The Northwest Indiana community had a chance to hear developers’ answers to previously submitted questions about a potential artificial intelligence data center near Lowell, including about water usage, traffic and noise levels.
Representatives from Sentinel Data Centers, a New York-based company, participated in a Thursday night town hall at Lowell High School.

“These are tricky conversations,” said Josh Rabine, CEO of Sentinel Data Centers. “We’re going to try our best to address these as honestly as we can.”
Rabine participated in the town hall, along with Nicholas Marzorati, vice president of engineering for Sentinel Data Centers; consultant Mark Paul; legal counsel David Westland from Westland and Bennett law firm; Paul Higginbotham, deputy assistant commissioner in the Indiana Department of Environmental Management’s Office of Water Quality; Heather Ennis, president and CEO of the Northwest Indiana Forum; and Matt Reardon, founding partner at MCR Partners.
Rabine gave a presentation about the meeting before the town hall portion Thursday. Questions and comments were required to be submitted online before the meeting Thursday, and Lake County Councilman Randy Niemeyer, R-7th, read out the submitted questions to the panelists.
Sentinel Data Centers proposed to build Project Shirley — the proposed data center — on 160 acres of land in Eagle Creek Township, about six miles away from Lowell High School. If approved, the data center will be on the south side of Indiana 2 and east of Clay Street.

Project Shirley officials plan to apply for special exceptions to county rules on water usage and noise levels, according to the data center website. Project leaders don’t plan to file for a tax abatement, but that could change, according to Post-Tribune archives.
The Lake County Plan Commission would have to approve a rezone from A1 agriculture to M1 light industrial to build the project.
“Tonight is not the finish line — we’re in the middle of this,” said Randy Niemeyer, who emceed the town hall. “This is the time where we’re going to work to make sure that we apply good policy to whatever decisions are made.”
Rabine told attendees Thursday night that the data center is expected to bring a $5 billion investment to Lake County, create more than 2,500 construction jobs and more than 250 on-site jobs.

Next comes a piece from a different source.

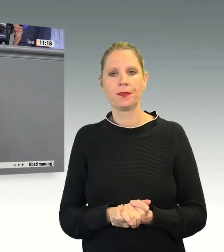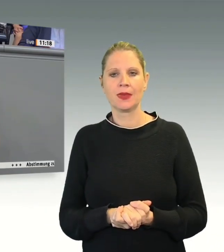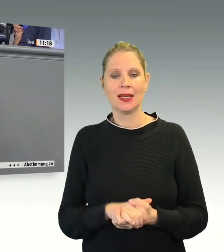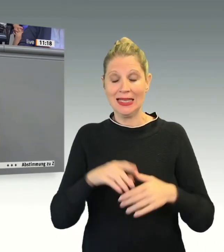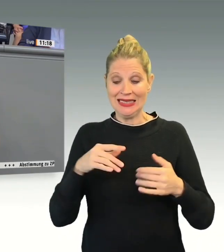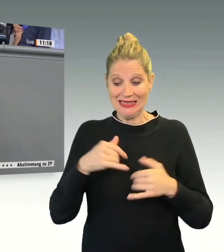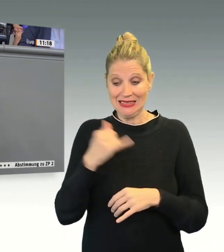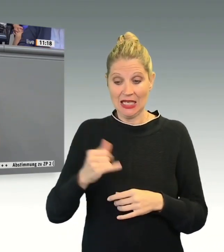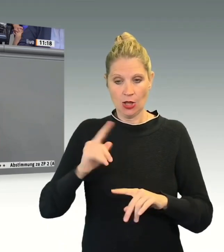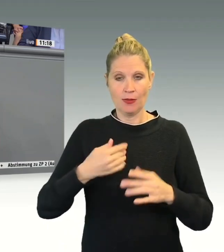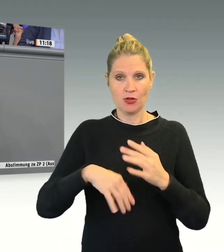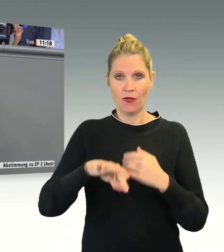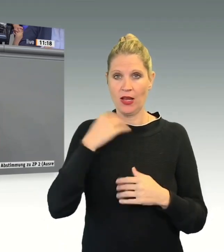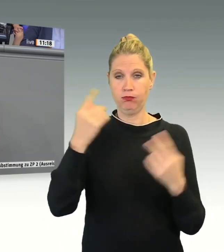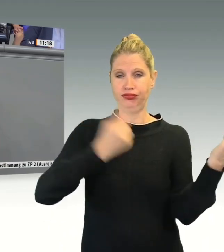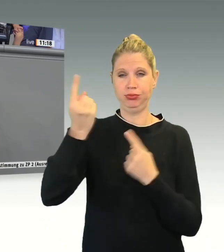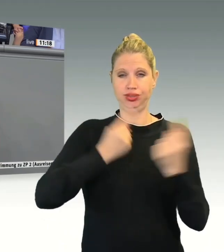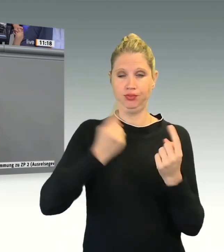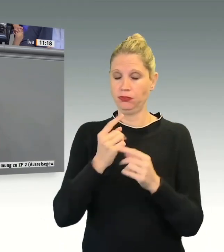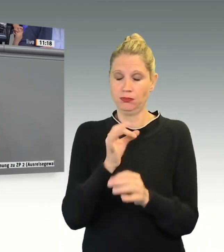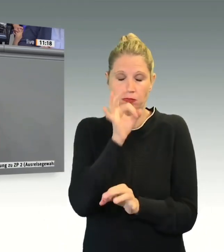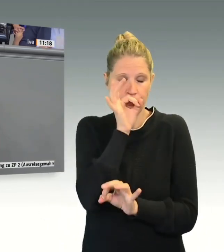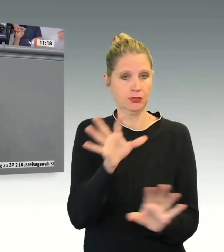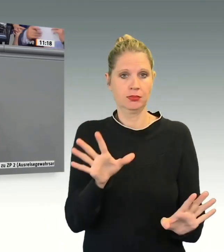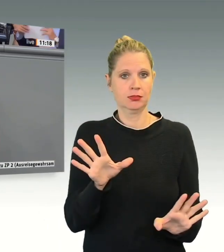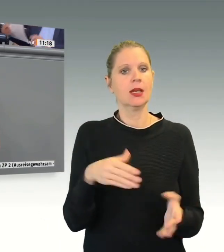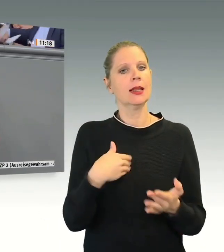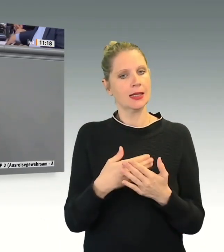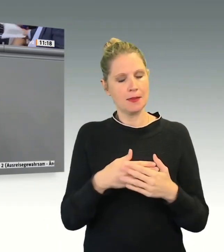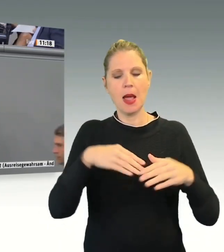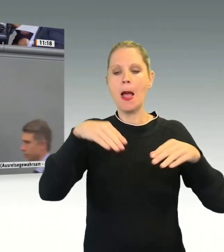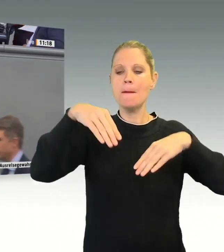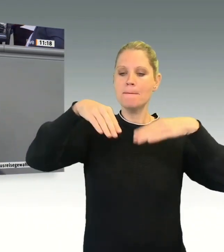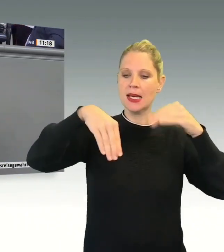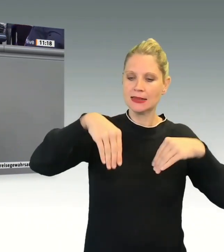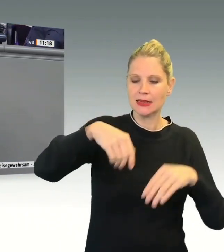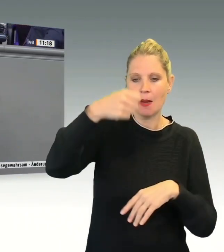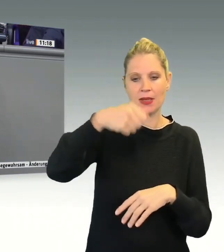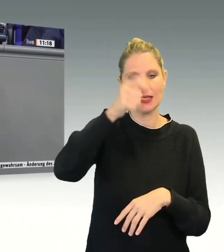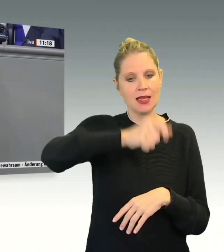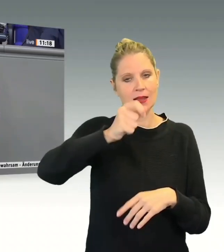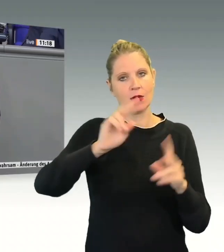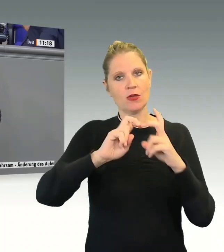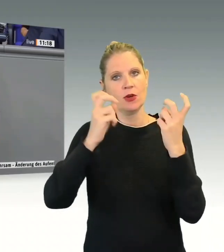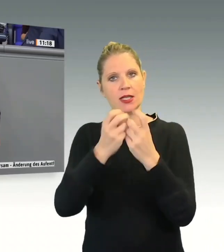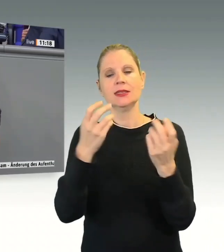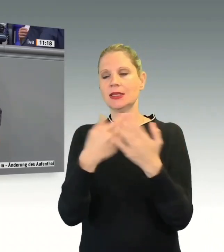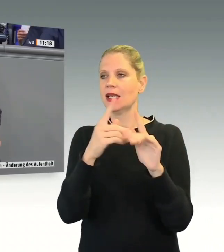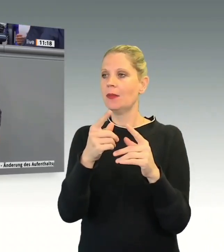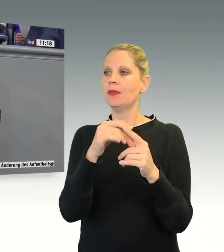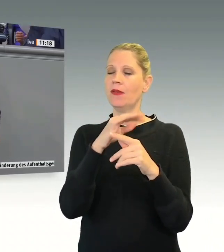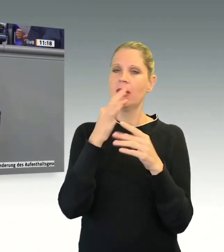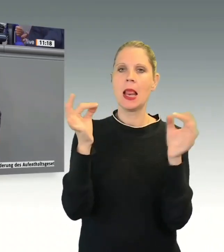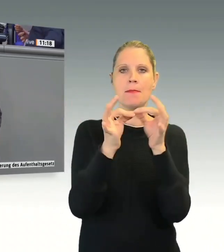Und das hat auch die Ministerpräsidentenkonferenz erkannt. deswegen hat die Ministerpräsidentenkonferenz einen ganzen Katalog an Maßnahmen miteinander diskutiert.

Developers expect that traffic will increase during data center construction, Rabine said, but it will “generate very little traffic when it’s up and running.”
Lake County has an ordinance that requires noise to not be above 55 decibels at the property, Rabine said, and the loudest parts of the data center will come from air cooled chillers and generators, which he claims will run only in a regional power outage. Rabine also claimed that the chillers will make a higher frequency noise, which he said dissipates quicker.
Marzorati said Thursday that a full environmental study and traffic impact analysis will be conducted before the data center’s construction. No development agreement has been proposed yet, but it will include water usage, later decommission rules and require an air permit.
Rabine also expects the facility to not use much water, he said Thursday, because the facility will use air cooled chillers, which he said is a “closed loop system.” Evaporative cooling is the system that uses more water and leads to water usage problems, Rabine said.

“(Air cooled chillers) cycle water through a single, large steel piping system,” he added. “That system uses zero water. On a daily basis, you’re consuming nothing, and you’re discharging nothing.”
Ennis said data centers will bring millions of tax dollars to the region, and she believes the community benefits will be rich.
“We’re at the gold rush of the data center industry right now, and we’re really seeing activity at a higher level than you’ve ever seen,” Ennis added. “This is not something that’s going to go on for the next 20 years.”
State Sen. Rick Niemeyer, R-Lowell, said Thursday that elected officials need to do their due diligence and ensure that unincorporated areas are protected when data centers come in.
“I’m not talking about cities or towns because they have their own plan commissions and councils,” Rick Niemeyer said. “We’re not trying to supersede local control … When we come to the unincorporated areas around the state, we need to do anything we can.”
Suzanne Jaworowski, Indiana’s secretary of energy and natural resources, attended Thursday’s meeting and said it’s best to look at these projects “with an open mind.” Rick Niemeyer and Jaworowski spoke before the presentation and town hall portion.
“Continue to come to these kinds of organizations, have your say, ask questions and do what you’re doing,” Jaworowski said. “But also be open to the fact that it’s important for the United States to be able to build our own AI infrastructure.”
Lisa Vallee, organizing director for Just Transition Northwest Indiana, previously said the potential Eagle Township project tells the same story as other projects nationwide.
“Lake County officials need to listen to the people and not hide behind inaccessible meetings controlled by the developer for a project that is already being rubber-stamped,” Vallee said in an email statement. “Community members have made it loud and clear: they don’t want another AI data center in their backyards!”
The Lake County Plan Commission is expected to have a public hearing for the project May 20. It’s likely the project will be heard by the plan commission at least four times, Lake County Council at least twice and the board of zoning appeals at least once.